RECORDS TO USE Start Marker

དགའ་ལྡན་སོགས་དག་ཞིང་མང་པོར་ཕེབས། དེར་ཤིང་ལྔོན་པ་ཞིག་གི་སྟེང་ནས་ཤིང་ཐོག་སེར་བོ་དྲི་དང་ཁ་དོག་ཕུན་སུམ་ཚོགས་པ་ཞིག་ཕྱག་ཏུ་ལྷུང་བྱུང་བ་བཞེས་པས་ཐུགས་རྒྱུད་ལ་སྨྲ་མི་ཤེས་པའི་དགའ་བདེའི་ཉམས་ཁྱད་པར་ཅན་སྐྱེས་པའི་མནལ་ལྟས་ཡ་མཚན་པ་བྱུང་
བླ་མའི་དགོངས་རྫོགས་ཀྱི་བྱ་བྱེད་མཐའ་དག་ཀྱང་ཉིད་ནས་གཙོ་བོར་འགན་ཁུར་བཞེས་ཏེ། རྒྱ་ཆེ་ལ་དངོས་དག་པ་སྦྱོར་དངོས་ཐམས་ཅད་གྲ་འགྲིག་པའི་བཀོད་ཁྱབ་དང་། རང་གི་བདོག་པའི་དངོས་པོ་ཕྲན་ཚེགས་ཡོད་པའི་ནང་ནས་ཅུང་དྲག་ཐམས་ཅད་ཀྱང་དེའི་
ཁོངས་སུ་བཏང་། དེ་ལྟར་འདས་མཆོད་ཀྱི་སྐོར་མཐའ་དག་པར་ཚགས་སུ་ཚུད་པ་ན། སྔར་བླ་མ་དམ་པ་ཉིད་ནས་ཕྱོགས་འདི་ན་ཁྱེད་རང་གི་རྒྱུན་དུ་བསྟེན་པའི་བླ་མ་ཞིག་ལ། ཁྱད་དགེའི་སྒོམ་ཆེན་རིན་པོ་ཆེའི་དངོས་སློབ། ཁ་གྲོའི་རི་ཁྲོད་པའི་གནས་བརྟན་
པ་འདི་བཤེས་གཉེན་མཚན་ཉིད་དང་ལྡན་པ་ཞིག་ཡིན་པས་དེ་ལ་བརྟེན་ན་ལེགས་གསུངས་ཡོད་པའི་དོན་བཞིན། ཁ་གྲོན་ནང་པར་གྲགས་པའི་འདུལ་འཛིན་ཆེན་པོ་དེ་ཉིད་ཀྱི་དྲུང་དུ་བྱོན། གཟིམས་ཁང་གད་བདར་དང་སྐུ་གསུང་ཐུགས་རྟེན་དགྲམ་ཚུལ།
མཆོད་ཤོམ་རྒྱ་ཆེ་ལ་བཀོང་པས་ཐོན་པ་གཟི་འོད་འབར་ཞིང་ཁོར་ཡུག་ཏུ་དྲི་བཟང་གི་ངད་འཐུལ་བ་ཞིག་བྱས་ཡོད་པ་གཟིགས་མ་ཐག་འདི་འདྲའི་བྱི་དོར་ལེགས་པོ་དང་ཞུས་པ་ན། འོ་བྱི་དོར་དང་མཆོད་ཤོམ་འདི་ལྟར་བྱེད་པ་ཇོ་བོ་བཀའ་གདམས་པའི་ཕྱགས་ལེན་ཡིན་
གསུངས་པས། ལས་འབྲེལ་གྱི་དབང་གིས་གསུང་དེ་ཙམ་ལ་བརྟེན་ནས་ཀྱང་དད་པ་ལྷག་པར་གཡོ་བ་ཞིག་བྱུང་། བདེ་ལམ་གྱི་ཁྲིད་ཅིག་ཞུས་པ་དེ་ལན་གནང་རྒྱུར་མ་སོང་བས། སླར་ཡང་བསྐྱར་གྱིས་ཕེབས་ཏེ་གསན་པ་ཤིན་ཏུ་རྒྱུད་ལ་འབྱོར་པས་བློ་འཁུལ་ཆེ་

RECORDS TO USE End Marker

◆ TASK
All of the data above should be output exactly.

◆ SOLUTION TO THIS EXERCISE
དགའ་ལྡན་སོགས་དག་ཞིང་མང་པོར་ཕེབས། དེར་ཤིང་ལྔོན་པ་ཞིག་གི་སྟེང་ནས་ཤིང་ཐོག་སེར་བོ་དྲི་དང་ཁ་དོག་ཕུན་སུམ་ཚོགས་པ་ཞིག་ཕྱག་ཏུ་ལྷུང་བྱུང་བ་བཞེས་པས་ཐུགས་རྒྱུད་ལ་སྨྲ་མི་ཤེས་པའི་དགའ་བདེའི་ཉམས་ཁྱད་པར་ཅན་སྐྱེས་པའི་མནལ་ལྟས་ཡ་མཚན་པ་བྱུང་
བླ་མའི་དགོངས་རྫོགས་ཀྱི་བྱ་བྱེད་མཐའ་དག་ཀྱང་ཉིད་ནས་གཙོ་བོར་འགན་ཁུར་བཞེས་ཏེ། རྒྱ་ཆེ་ལ་དངོས་དག་པ་སྦྱོར་དངོས་ཐམས་ཅད་གྲ་འགྲིག་པའི་བཀོད་ཁྱབ་དང་། རང་གི་བདོག་པའི་དངོས་པོ་ཕྲན་ཚེགས་ཡོད་པའི་ནང་ནས་ཅུང་དྲག་ཐམས་ཅད་ཀྱང་དེའི་
ཁོངས་སུ་བཏང་། དེ་ལྟར་འདས་མཆོད་ཀྱི་སྐོར་མཐའ་དག་པར་ཚགས་སུ་ཚུད་པ་ན། སྔར་བླ་མ་དམ་པ་ཉིད་ནས་ཕྱོགས་འདི་ན་ཁྱེད་རང་གི་རྒྱུན་དུ་བསྟེན་པའི་བླ་མ་ཞིག་ལ། ཁྱད་དགེའི་སྒོམ་ཆེན་རིན་པོ་ཆེའི་དངོས་སློབ། ཁ་གྲོའི་རི་ཁྲོད་པའི་གནས་བརྟན་
པ་འདི་བཤེས་གཉེན་མཚན་ཉིད་དང་ལྡན་པ་ཞིག་ཡིན་པས་དེ་ལ་བརྟེན་ན་ལེགས་གསུངས་ཡོད་པའི་དོན་བཞིན། ཁ་གྲོན་ནང་པར་གྲགས་པའི་འདུལ་འཛིན་ཆེན་པོ་དེ་ཉིད་ཀྱི་དྲུང་དུ་བྱོན། གཟིམས་ཁང་གད་བདར་དང་སྐུ་གསུང་ཐུགས་རྟེན་དགྲམ་ཚུལ།
མཆོད་ཤོམ་རྒྱ་ཆེ་ལ་བཀོང་པས་ཐོན་པ་གཟི་འོད་འབར་ཞིང་ཁོར་ཡུག་ཏུ་དྲི་བཟང་གི་ངད་འཐུལ་བ་ཞིག་བྱས་ཡོད་པ་གཟིགས་མ་ཐག་འདི་འདྲའི་བྱི་དོར་ལེགས་པོ་དང་ཞུས་པ་ན། འོ་བྱི་དོར་དང་མཆོད་ཤོམ་འདི་ལྟར་བྱེད་པ་ཇོ་བོ་བཀའ་གདམས་པའི་ཕྱགས་ལེན་ཡིན་
གསུངས་པས། ལས་འབྲེལ་གྱི་དབང་གིས་གསུང་དེ་ཙམ་ལ་བརྟེན་ནས་ཀྱང་དད་པ་ལྷག་པར་གཡོ་བ་ཞིག་བྱུང་། བདེ་ལམ་གྱི་ཁྲིད་ཅིག་ཞུས་པ་དེ་ལན་གནང་རྒྱུར་མ་སོང་བས། སླར་ཡང་བསྐྱར་གྱིས་ཕེབས་ཏེ་གསན་པ་ཤིན་ཏུ་རྒྱུད་ལ་འབྱོར་པས་བློ་འཁུལ་ཆེ་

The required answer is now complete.